The Brain Charity

Mum-of-two Christine went her whole life not understanding why she felt different.

The 66-year-old had experienced muscle tremors, jerky limbs and unexplained falls since childhood, but it took her 34 years to be diagnosed with hyperekplexia (HPX). 

The extremely rare genetic neurological condition causes balance issues, jerking movements, extreme muscle rigidity, unstable walking, cognitive difficulties and exaggerated startle reactions.  
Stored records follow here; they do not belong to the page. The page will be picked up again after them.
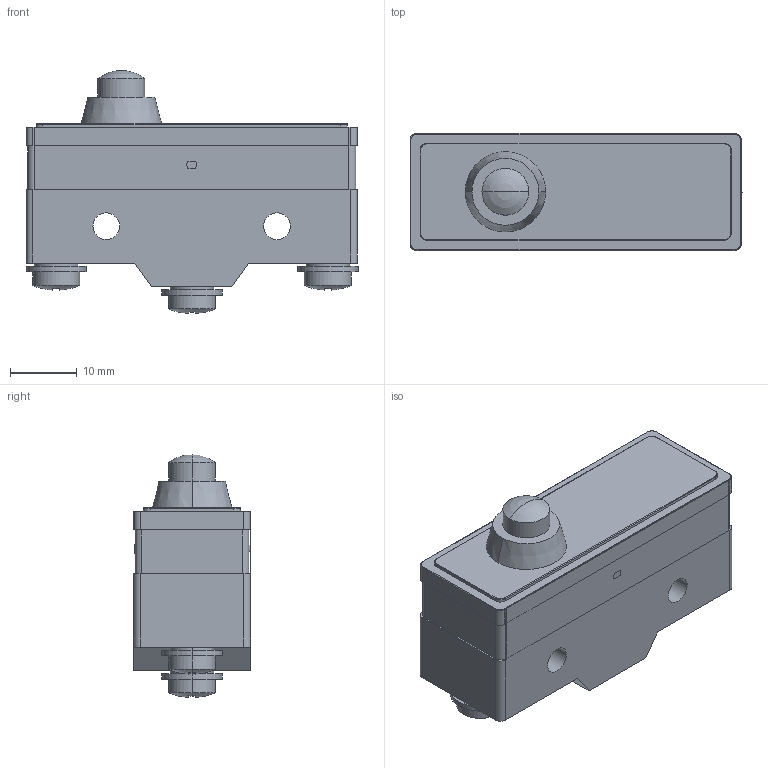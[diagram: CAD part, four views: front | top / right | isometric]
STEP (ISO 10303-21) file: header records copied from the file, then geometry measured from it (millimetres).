
FILE_DESCRIPTION((''),'2;1');
FILE_NAME('11D1','2022-03-01T',('qinxiong.ji'),(''),'PRO/ENGINEER BY PARAMETRIC TECHNOLOGY CORPORATION, 2015440','PRO/ENGINEER BY PARAMETRIC TECHNOLOGY CORPORATION, 2015440','');
FILE_SCHEMA(('CONFIG_CONTROL_DESIGN'));
Length unit declared in the file: millimetre
Products named in the file (1): 11D1
Bounding box: 49.6 x 17.5 x 36.28 mm (x, y, z)
Volume: 18580.5 mm3; surface area: 7686.3 mm2
Topology: 1 solids, 9 shells, 223 faces, 513 edges, 322 vertices
Faces by surface type: plane 115, cylinder 88, torus 8, sphere 8, cone 4
Entity records: 6365 total; most frequent: DIRECTION 1203, CARTESIAN_POINT 1054, ORIENTED_EDGE 1018, EDGE_CURVE 509, AXIS2_PLACEMENT_3D 471, VERTEX_POINT 322, VECTOR 261, LINE 261

Christine had been variously told her symptoms were due to growing pains, clumsiness, postnatal depression and mental illness – so to be finally given a diagnosis by a neurologist was life-changing.  
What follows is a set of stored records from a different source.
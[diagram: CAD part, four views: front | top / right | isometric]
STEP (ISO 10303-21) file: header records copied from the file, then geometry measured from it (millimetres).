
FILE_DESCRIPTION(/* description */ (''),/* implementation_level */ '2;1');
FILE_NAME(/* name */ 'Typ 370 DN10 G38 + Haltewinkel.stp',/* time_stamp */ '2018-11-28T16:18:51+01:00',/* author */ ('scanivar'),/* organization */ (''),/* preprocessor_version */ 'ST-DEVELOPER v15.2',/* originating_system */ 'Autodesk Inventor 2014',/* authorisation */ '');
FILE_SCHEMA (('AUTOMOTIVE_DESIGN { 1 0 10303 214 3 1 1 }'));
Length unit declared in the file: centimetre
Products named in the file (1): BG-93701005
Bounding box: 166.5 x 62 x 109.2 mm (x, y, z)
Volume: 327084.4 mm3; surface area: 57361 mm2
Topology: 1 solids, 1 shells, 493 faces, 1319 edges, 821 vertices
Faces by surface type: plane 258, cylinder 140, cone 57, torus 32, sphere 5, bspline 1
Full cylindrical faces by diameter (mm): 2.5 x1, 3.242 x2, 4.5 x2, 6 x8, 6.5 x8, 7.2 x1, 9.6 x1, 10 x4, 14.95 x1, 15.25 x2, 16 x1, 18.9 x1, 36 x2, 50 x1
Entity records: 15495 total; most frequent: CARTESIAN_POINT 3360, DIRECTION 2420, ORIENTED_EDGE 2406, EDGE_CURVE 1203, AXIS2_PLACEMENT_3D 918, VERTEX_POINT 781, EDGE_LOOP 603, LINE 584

HPX is caused by a mutation to multiple genes controlling the nerve receptors in the brain.  

Grandma-of-five Christine said:

“Over the years I had so many tests and MRI scans, but no one was able to give me a diagnosis.  
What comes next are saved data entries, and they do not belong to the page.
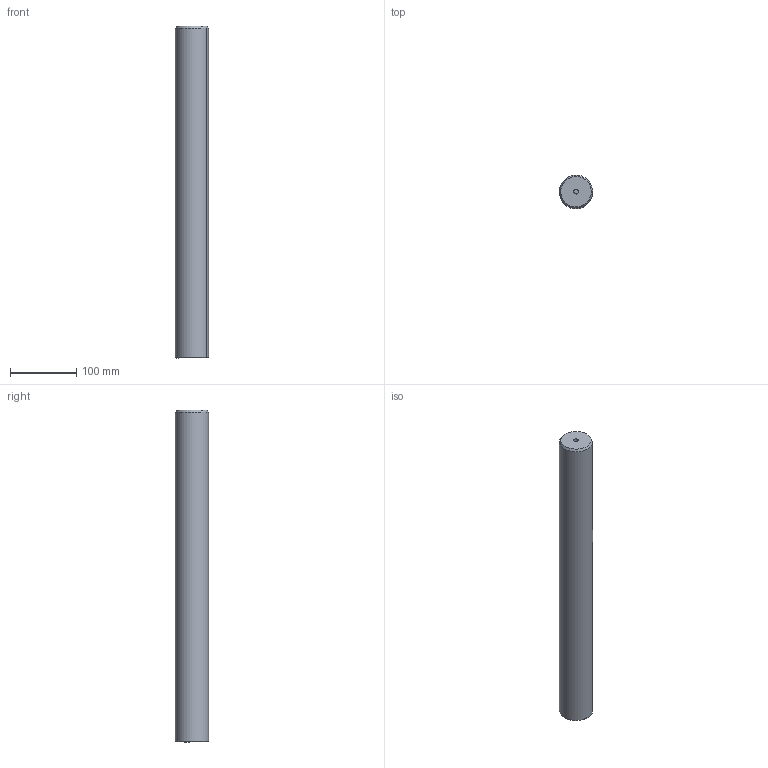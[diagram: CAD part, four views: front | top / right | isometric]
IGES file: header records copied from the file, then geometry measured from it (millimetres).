
Start section: START RECORD GO HERE.
Global section: file name: RDCO301.50500.igs; native system: IBM CATIA IGES - CATIA Version 5 Release 19 ; preprocessor: CATIA Version 5 Release 19 ; author: Astroboy; organization: Astroboy-PC; date: 20170309.121852; units: millimetre
Bounding box: 49.99 x 49.99 x 500 mm (x, y, z)
Surface area: 83434.8 mm2 (no closed solid volume)
Topology: 0 solids, 0 shells, 14 faces, 55 edges, 59 vertices
Faces by surface type: revolution 10, plane 4

“A doctor said I was mentally ill and advised I needed to see a psychiatrist. But I knew I had a physical condition, I used to scream with the pain.   

“I was prescribed epilepsy medication even though I don’t have epilepsy, which caused me to develop jaundice and damaged my liver. I am lucky to be alive.   

“My condition meant I missed out on a lot – even small things like walking my children to and from school.

“Because I used a wheelchair to help manage my limb jerks and falls, I became a non-person in the eyes of society. People disregarded me and talked to my husband Nick instead.”  

Christine, who moved to Merseyside from the Black Country in 2019, credits her husband Nick with helping her manage her disability.   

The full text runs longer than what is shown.